What's needed is a word-for-word retyping of the entries below, pictures omitted.

....

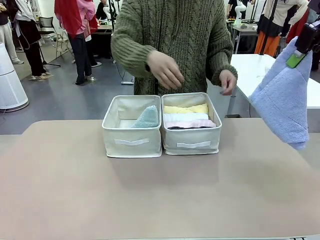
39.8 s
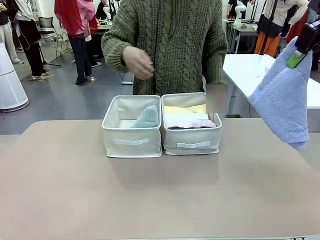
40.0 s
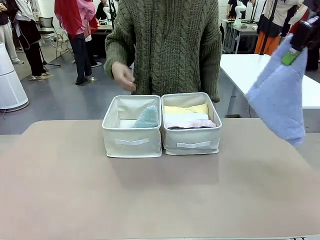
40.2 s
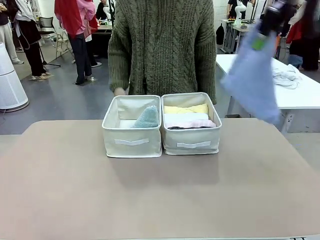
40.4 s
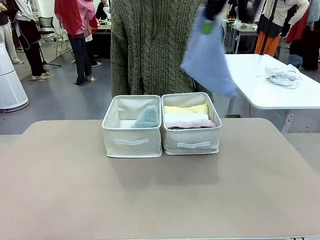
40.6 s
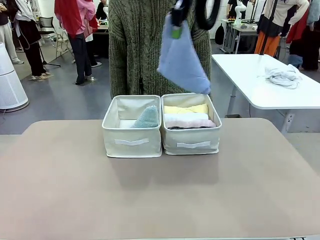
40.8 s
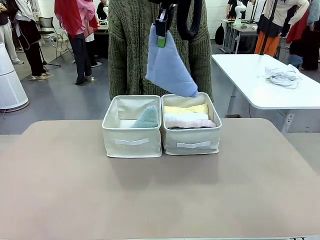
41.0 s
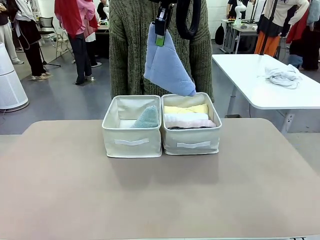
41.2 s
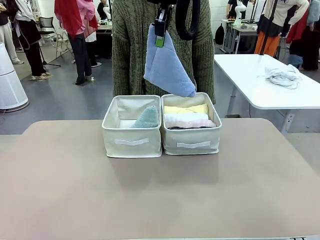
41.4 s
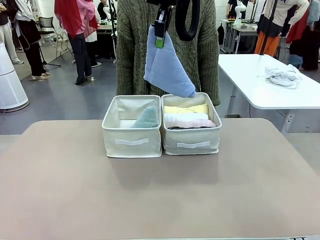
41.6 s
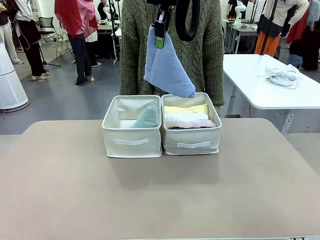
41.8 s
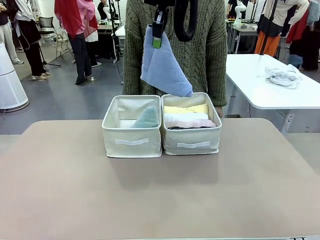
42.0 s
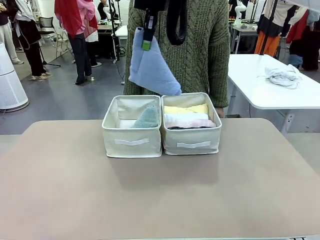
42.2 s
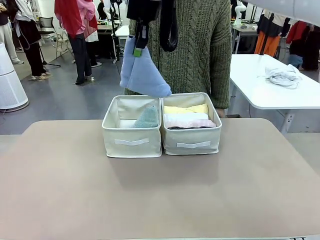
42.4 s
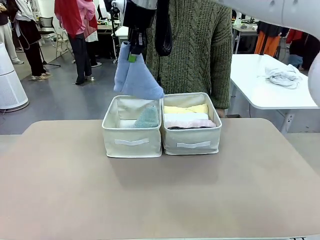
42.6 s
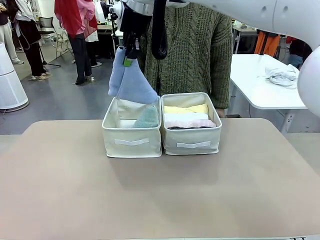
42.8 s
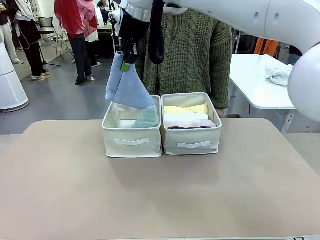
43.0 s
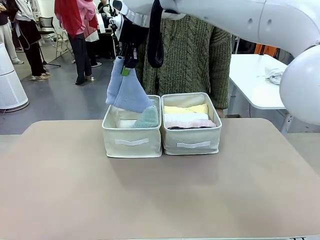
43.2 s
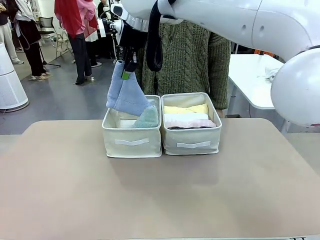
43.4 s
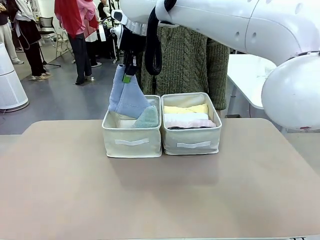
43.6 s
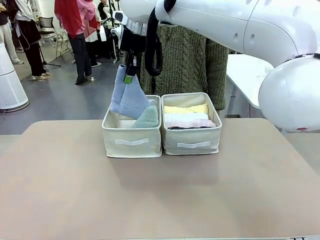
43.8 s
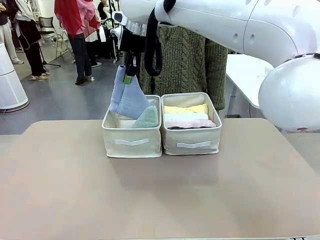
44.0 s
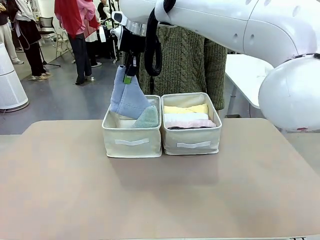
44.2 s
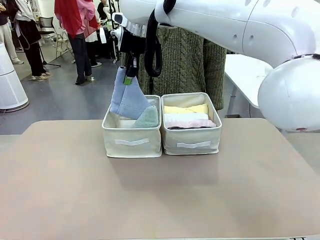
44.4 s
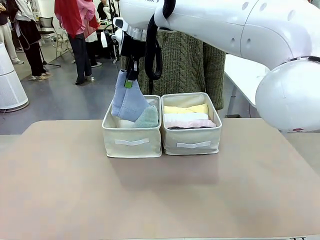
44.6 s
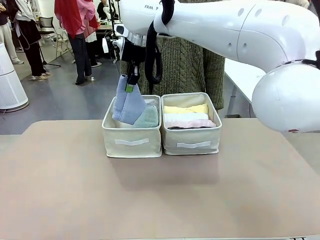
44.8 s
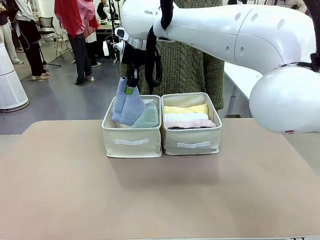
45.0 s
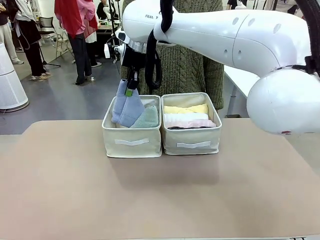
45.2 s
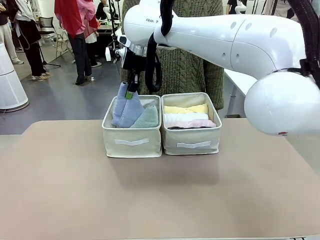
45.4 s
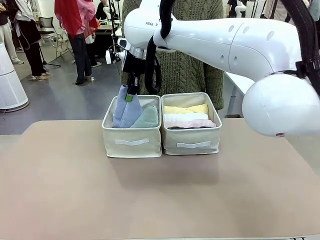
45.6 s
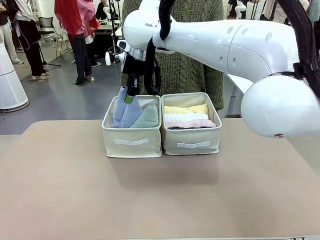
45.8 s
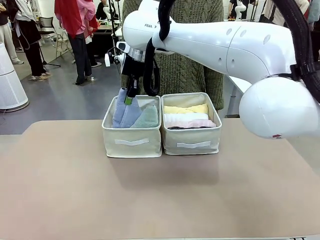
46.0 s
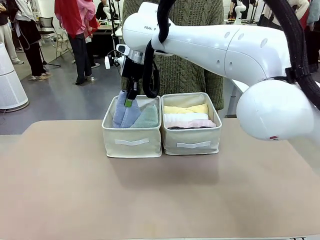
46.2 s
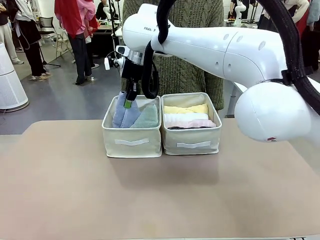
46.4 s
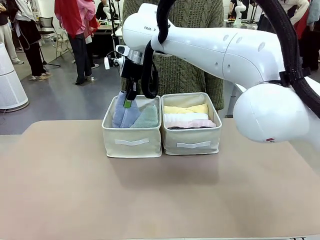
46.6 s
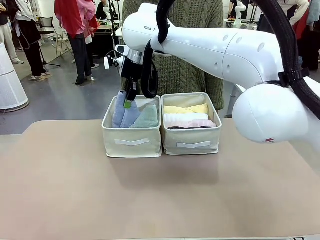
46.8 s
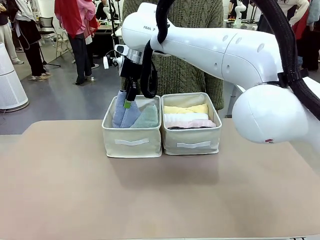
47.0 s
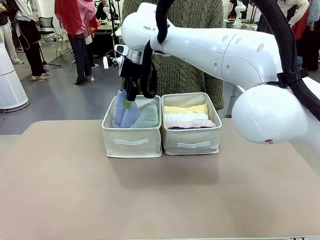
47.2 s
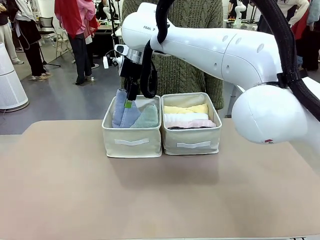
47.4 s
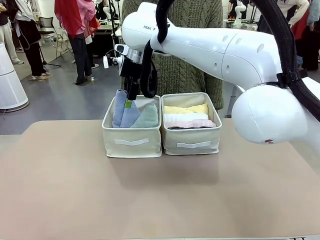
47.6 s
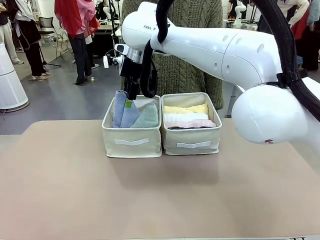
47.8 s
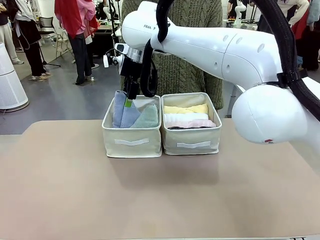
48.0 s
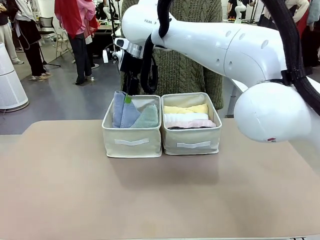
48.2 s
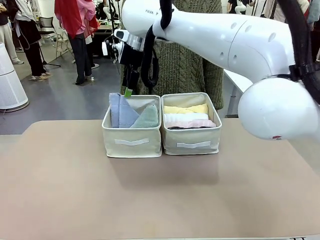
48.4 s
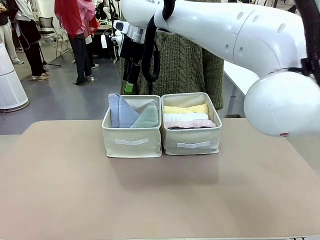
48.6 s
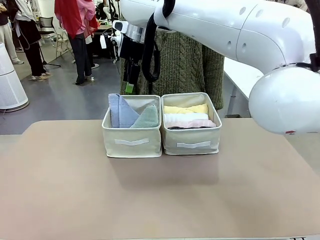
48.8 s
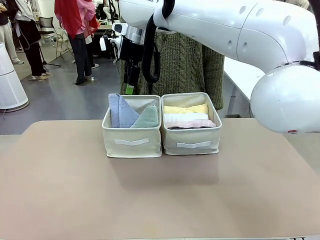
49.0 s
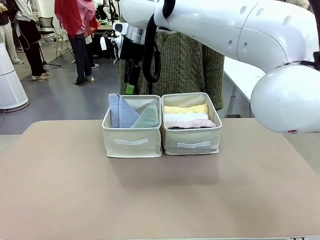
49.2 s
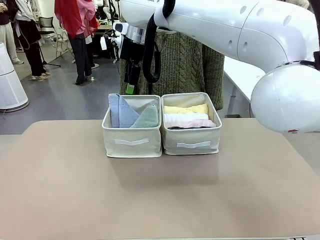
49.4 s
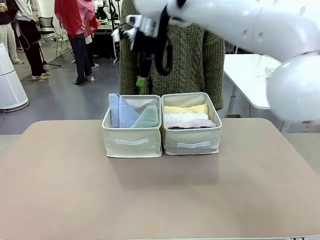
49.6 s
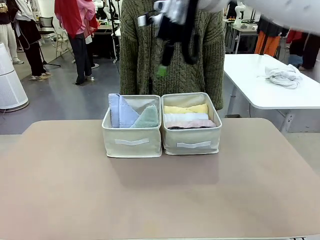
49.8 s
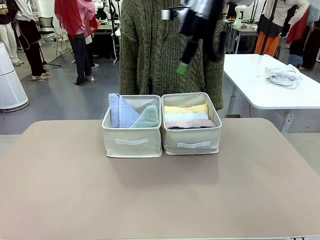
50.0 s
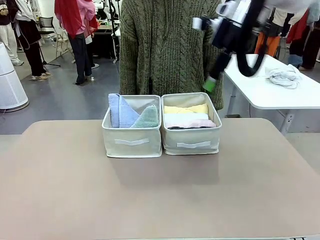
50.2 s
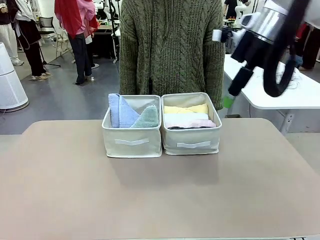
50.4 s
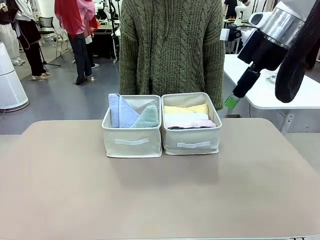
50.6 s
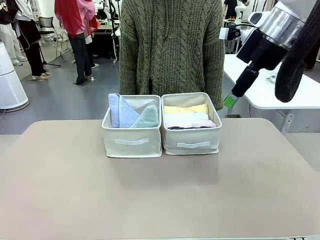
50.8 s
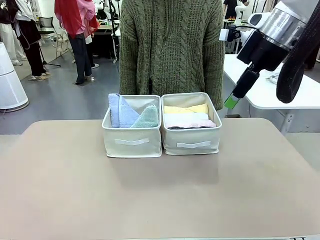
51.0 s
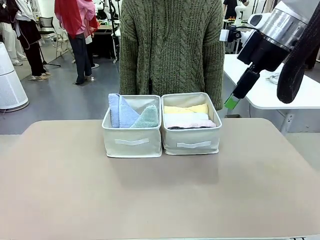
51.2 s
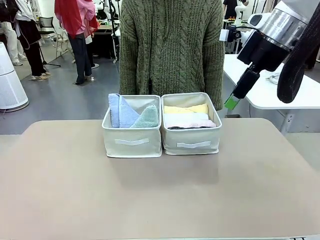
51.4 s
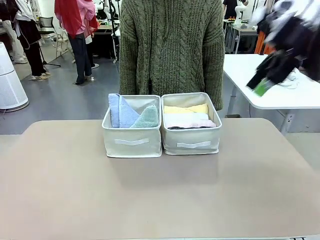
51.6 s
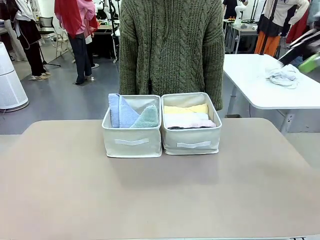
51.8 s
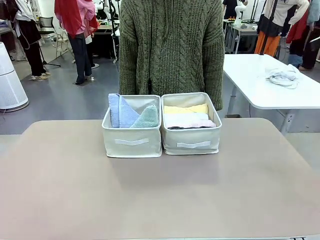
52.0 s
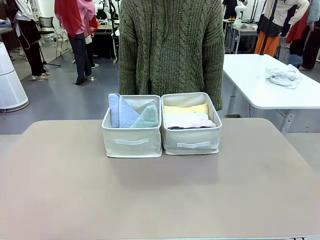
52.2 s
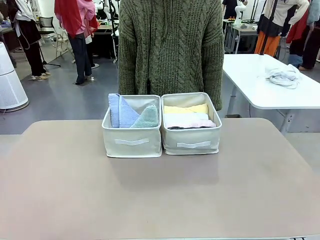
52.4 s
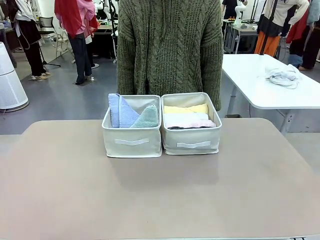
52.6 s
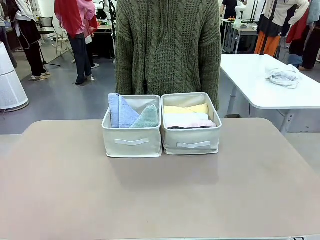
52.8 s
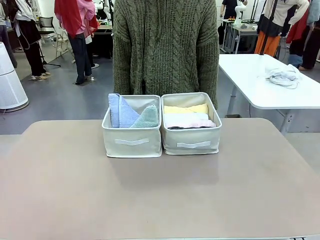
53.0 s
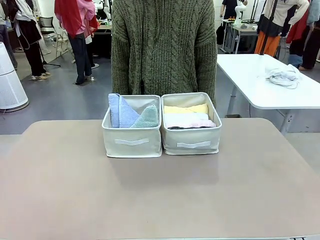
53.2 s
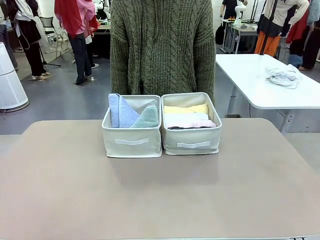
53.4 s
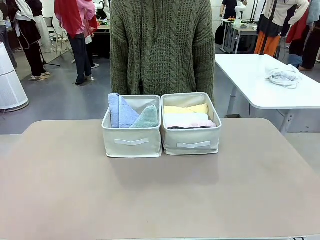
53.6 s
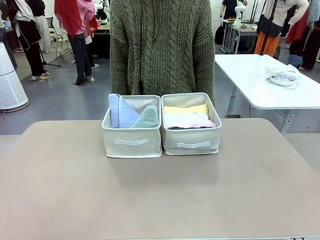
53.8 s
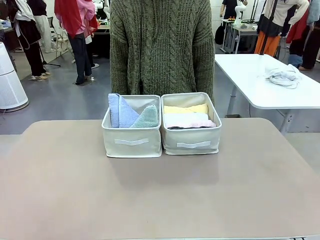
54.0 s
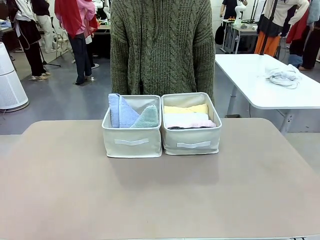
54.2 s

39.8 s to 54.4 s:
Task: Sort the towels based on their folding style.
Robot: Pick up another triangle-folded towel from the table and place it in the left Fabric basket.

....

## OUTPUT BELOW
39.8 s
40.0 s
40.2 s
40.4 s
40.6 s
40.8 s
41.0 s
41.2 s
41.4 s
41.6 s
41.8 s
42.0 s
42.2 s
42.4 s
42.6 s
42.8 s
43.0 s
43.2 s
43.4 s
43.6 s
43.8 s
44.0 s
44.2 s
44.4 s
44.6 s
44.8 s
45.0 s
45.2 s
45.4 s
45.6 s
45.8 s
46.0 s
46.2 s
46.4 s
46.6 s
46.8 s
47.0 s
47.2 s
47.4 s
47.6 s
47.8 s
48.0 s
48.2 s
48.4 s
48.6 s
48.8 s
49.0 s
49.2 s
49.4 s
49.6 s
49.8 s
50.0 s
50.2 s
50.4 s
50.6 s
50.8 s
51.0 s
51.2 s
51.4 s
51.6 s
51.8 s
52.0 s
52.2 s
52.4 s
52.6 s
52.8 s
53.0 s
53.2 s
53.4 s
53.6 s
53.8 s
54.0 s
54.2 s

39.8 s to 54.4 s:
Task: Sort the towels based on their folding style.
Robot: Pick up another triangle-folded towel from the table and place it in the left Fabric basket.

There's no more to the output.